Or at least, that’s what their staff seem to think. In a survey of UK workers by BT’s Global Services division, 73% thought their companies would rely on the dedication and resilience of their staff to get them through a disaster – rather than any kind of sensible continuity plan. At least we’re up for the challenge: in the event of a disaster, more than three-quarters of respondents said they’d be keen to get back to work as soon as possible, while 61% felt it was their personal responsibility to put things right.

You’d think this kind of British bulldog spirit would be a good thing – but apparently not.
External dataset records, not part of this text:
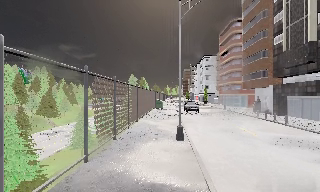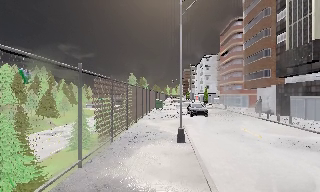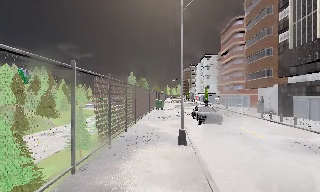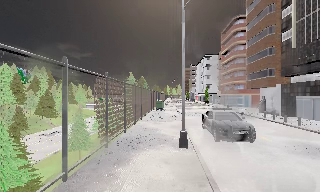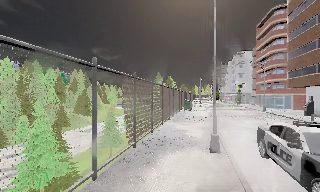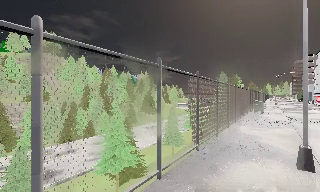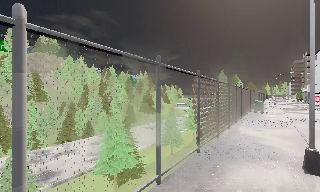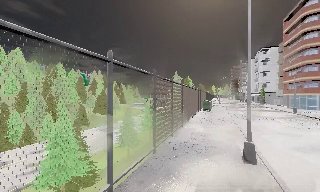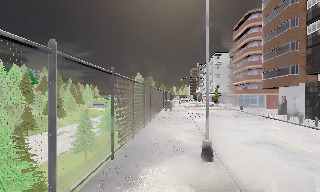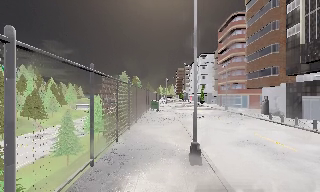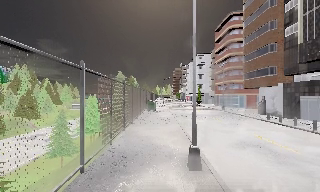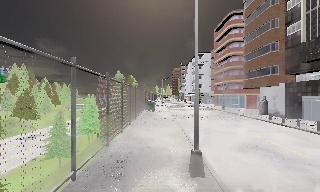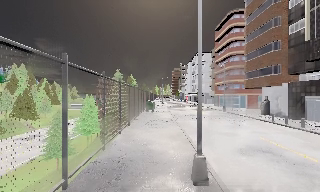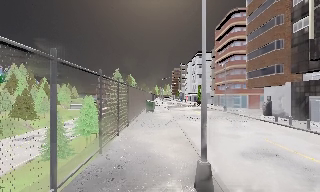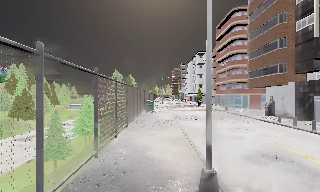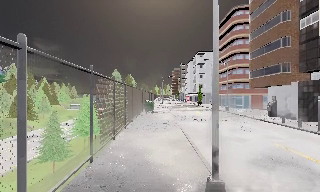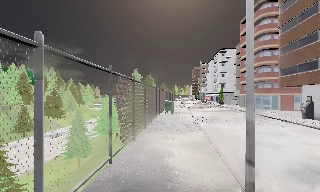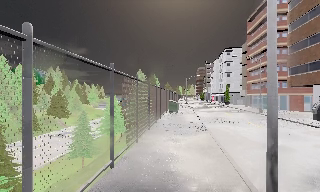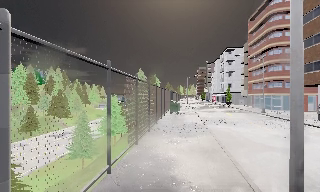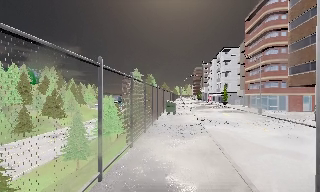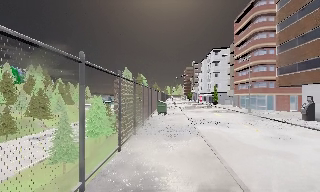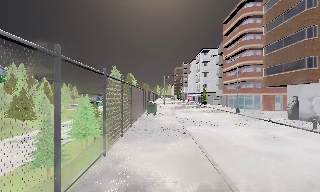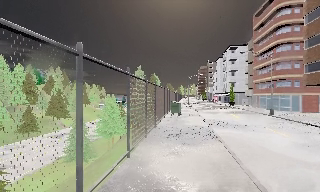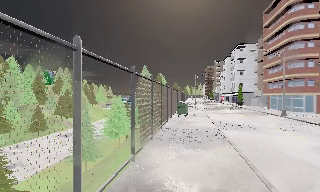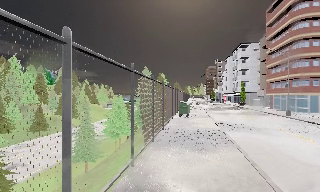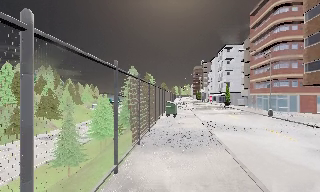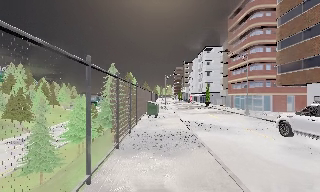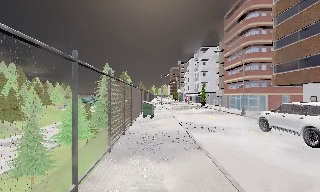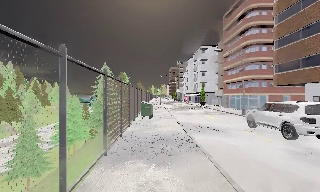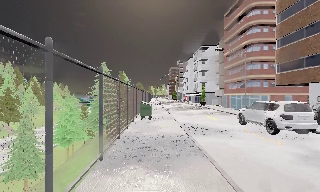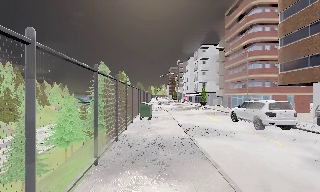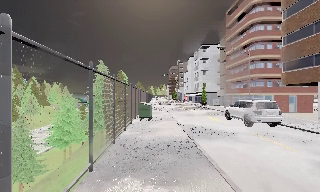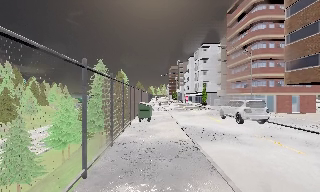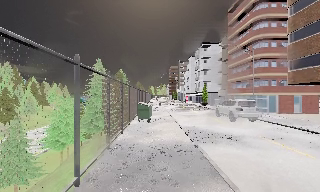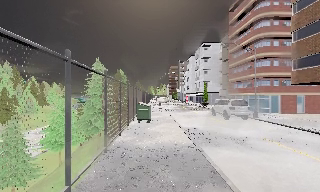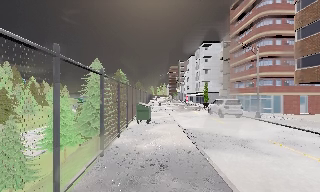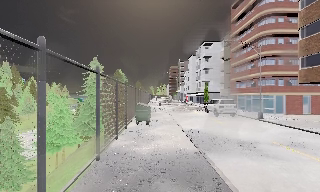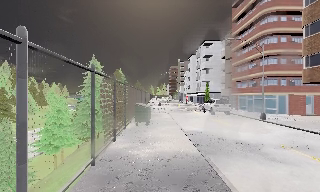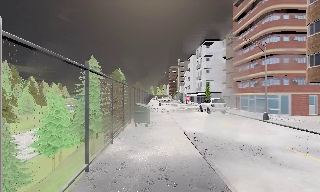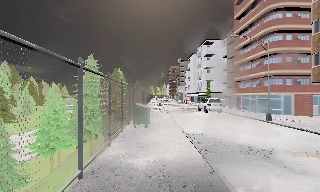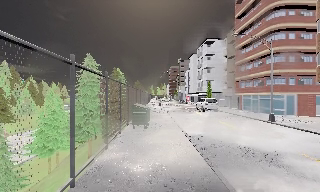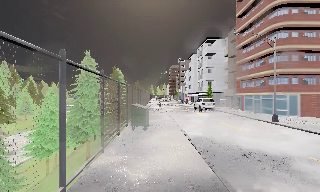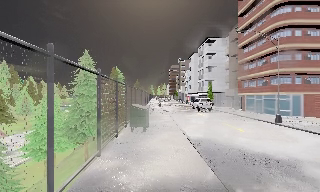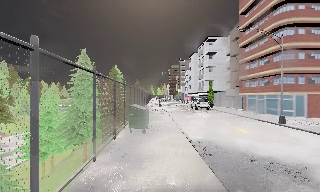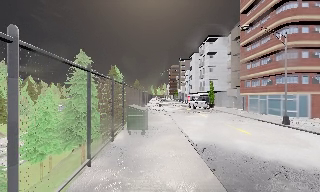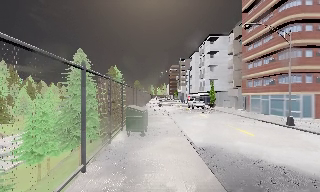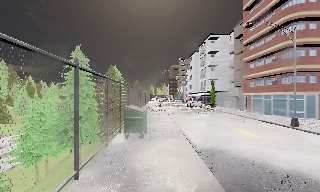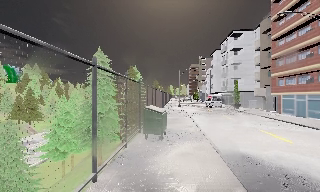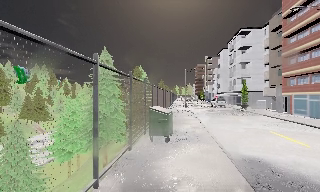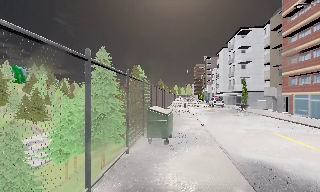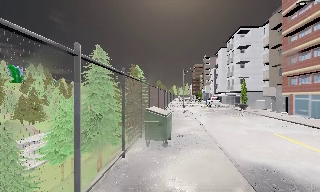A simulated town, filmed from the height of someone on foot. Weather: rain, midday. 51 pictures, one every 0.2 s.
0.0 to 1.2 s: The camera swings to its left by about 30 degrees, and the scene slides to the right. It travels forward, about 2 m.
1.2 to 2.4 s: The scene slides to the left, as the camera pans about 35 degrees to its right. It travels forward, about 2 m.
2.4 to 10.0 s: The camera travels forward, about 15 m, so what stands in front looms larger.
The film runs forward here.
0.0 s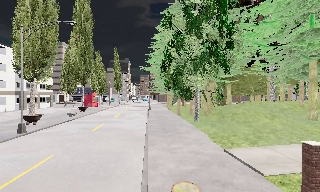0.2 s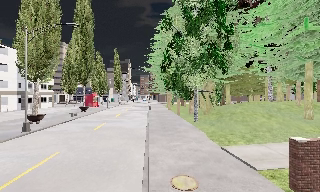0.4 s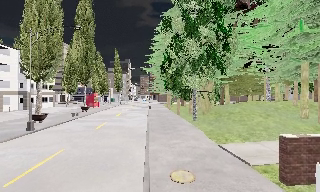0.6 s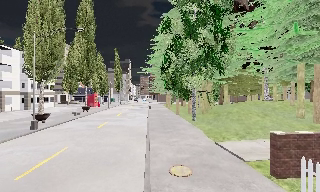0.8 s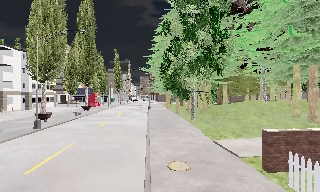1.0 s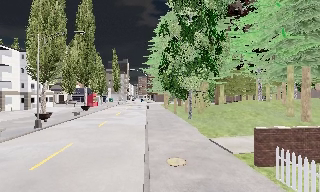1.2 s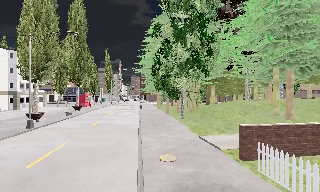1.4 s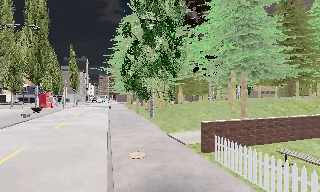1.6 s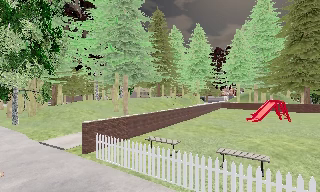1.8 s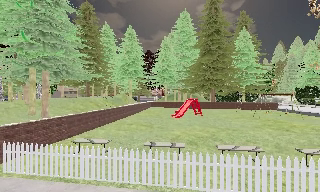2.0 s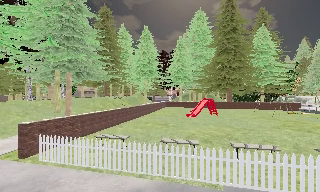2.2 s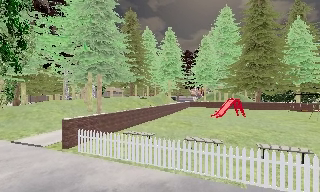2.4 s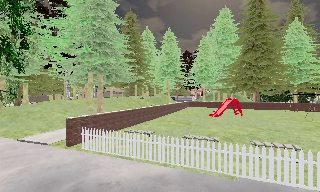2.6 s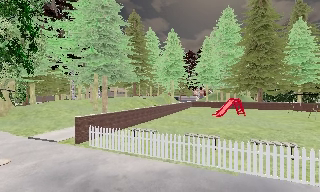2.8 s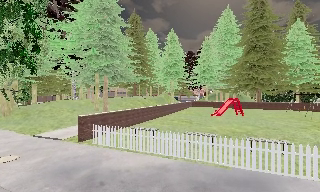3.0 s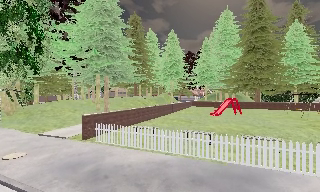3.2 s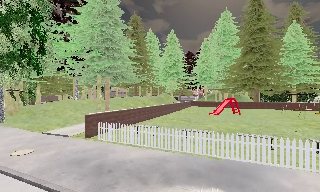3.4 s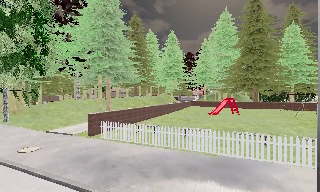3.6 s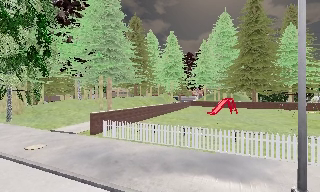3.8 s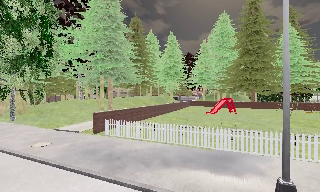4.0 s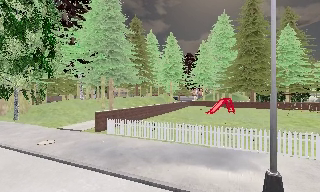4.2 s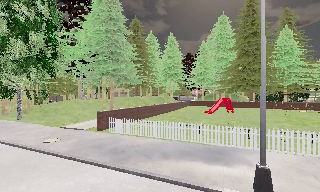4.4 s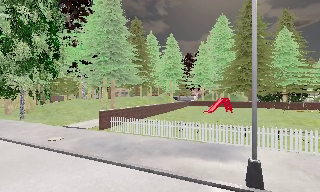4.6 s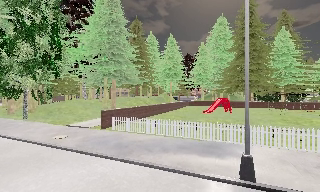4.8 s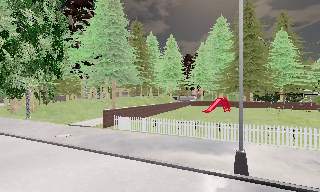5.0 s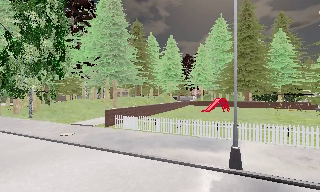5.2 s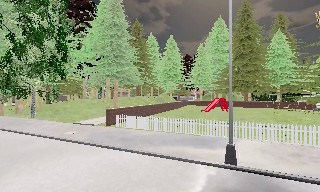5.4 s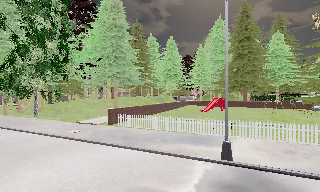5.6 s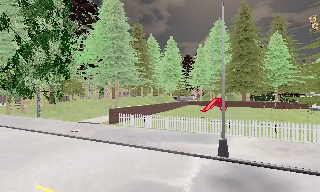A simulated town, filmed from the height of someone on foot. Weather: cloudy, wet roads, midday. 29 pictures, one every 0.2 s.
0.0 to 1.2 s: The camera travels backward, about 2 m, so what stands in front gets smaller.
1.2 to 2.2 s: The camera pans to its right, which is clockwise from overhead, by about 60 degrees. It travels backward, about 2 m.
2.2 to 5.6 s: The camera travels backward, about 6 m, so what stands in front gets smaller.
The film runs backward here.
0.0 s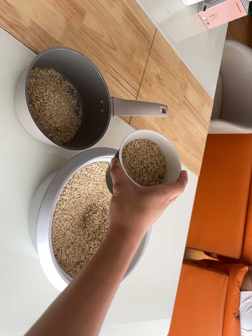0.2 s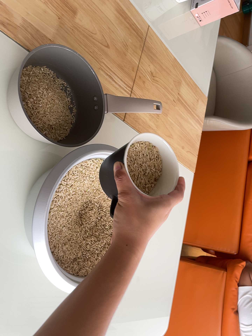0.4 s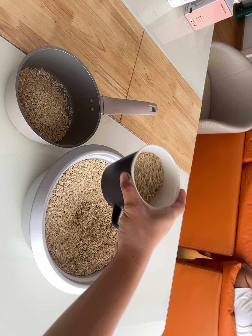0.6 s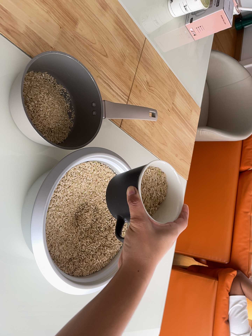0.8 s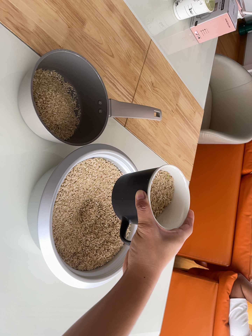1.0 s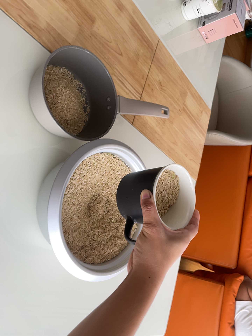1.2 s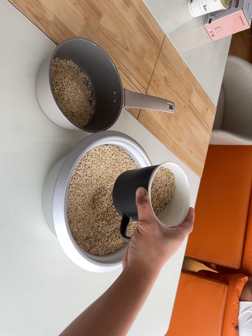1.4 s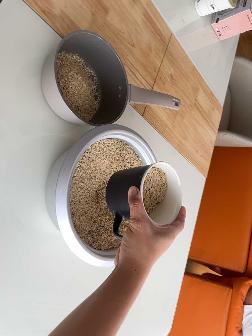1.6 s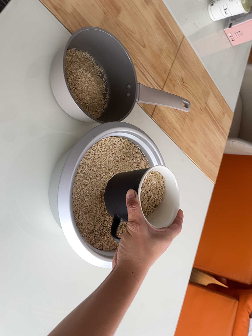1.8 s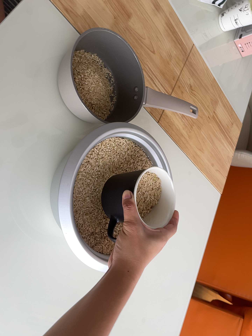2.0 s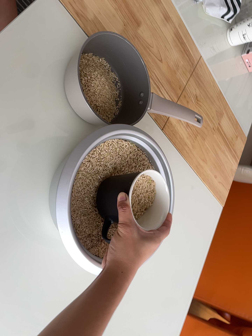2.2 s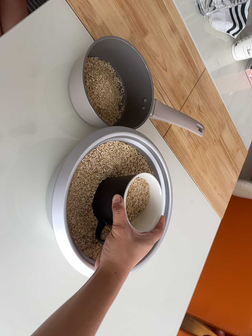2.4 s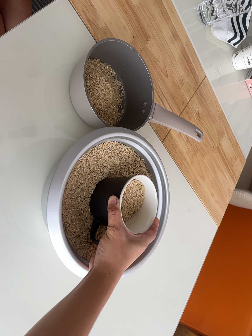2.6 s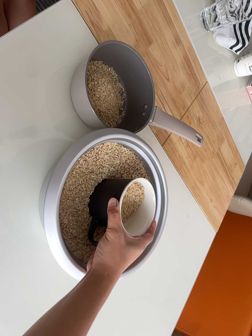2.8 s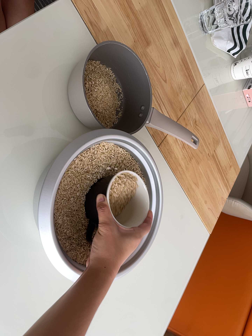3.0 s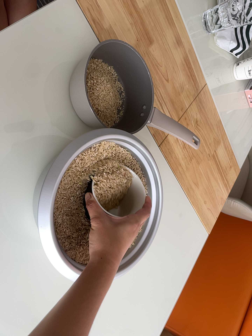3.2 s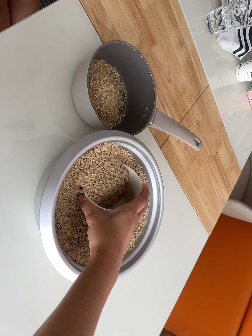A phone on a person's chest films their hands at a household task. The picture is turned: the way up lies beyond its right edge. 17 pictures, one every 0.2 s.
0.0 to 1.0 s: The camera shifts only a little, or ends up much as it began.
1.0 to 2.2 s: The camera travels toward the bottom of its view, about 10 cm. Its aim tips toward the top of its view by about 10 degrees. It rolls about its line of sight by about 10 degrees, and the scene rotates clockwise.
2.2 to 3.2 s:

According to Ragnar Lofstedt, a professor of Risk Management at King’s College London (who advised BT on the findings), it’s actually doing more harm than good. ‘I am concerned that, positive though this resilient streak is, it is actually exacerbating the problem by making employees blasé to the threats that exist in the post 9/11 world,’ he said. Presumably he’d rather we spent our days worrying about who’s going to blow us up next...

Of course, it’s worth pointing out that these figures don’t actually prove that UK businesses are neglecting their disaster planning. All they show is that the 752 workers surveyed – all of whom work in a company of at least 500 people – didn’t necessarily know what the continuity plan was.

However, at the very least this presumably proves that most businesses could do a better job of communicating their plans to the workforce. OK, so there’s probably no need for every single employee to know who’s going to ring the backup people if the office burns down – but presumably everyone will feel more comfortable if they know their bosses have the situation under control. At the moment, a third of respondents had no idea whether their employer even had a continuity plan, while another 41% were completely ignorant of its contents.

Clearly there’s a balance to be struck here. As with health and safety assessments, if you’re not careful you might end up spending so much time worrying about what could go wrong that you never get anything done. And clearly in some sectors, the risk is greater than it is in others (retail and utilities were at the opposite ends of the scale here, according to BT).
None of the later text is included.